A highlight of the exhibition is the first prototype of The Immersion Project, a collaboration between Austen Camille, Christine Lee, Rebecca Rutstein, Malte Leander, and oceanographers Erik Cordes, Ph.D. and Samantha Joye, Ph.D that incorporates large-scale coral-inspired sculptures, augmented reality animation and sound into a multi-sensory installation to educate the public about deep sea ecosystems. After a national exhibition tour, the sculptures will be installed in the Gulf of Mexico to help restore coral habitats damaged by the Deep Water Horizon oil spill in 2010. The project demonstrates one way that artists can contribute to climate solutions.
All of the artworks mentioned thus far will be on view at Tiger Strikes Asteroid. Two miles south of the gallery, at Cherry Street Pier, works by Lydia Cheshewalla, Hui-Ying Tsai, and Austen Camille encourage personal connection to the natural world and help audience members to see themselves as part of nature rather than above it.

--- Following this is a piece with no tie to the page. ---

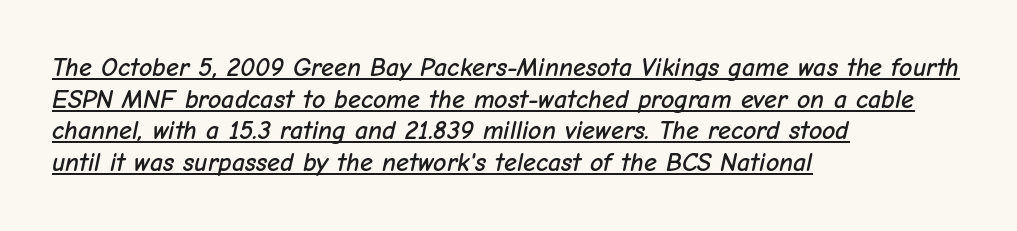
{"italic": "yes", "lean": "right", "slant_degrees": 12, "underline": "yes", "align": "left", "line_spacing_ratio": 1.22, "letter_spacing": "normal", "letter_spacing_em": 0.0, "glyph_px": 26}

Such perspective can be a wellspring for environmentally-conscious action. Notably, Camille’s large-scale augmented reality animation over the Delaware River, featuring music by Philadelphia’s ENAensemble, will incorporate a live performance during the show’s opening reception at Cherry Street Pier, on November 4th at 6 PM. At Tiger Strikes Asteroid, Camille’s AR animation within The Immersion Project and a second piece by Tsai—a collaboration with sound artist Jonathan Grover—tie the two venues together and bring notes of hope to the gallery.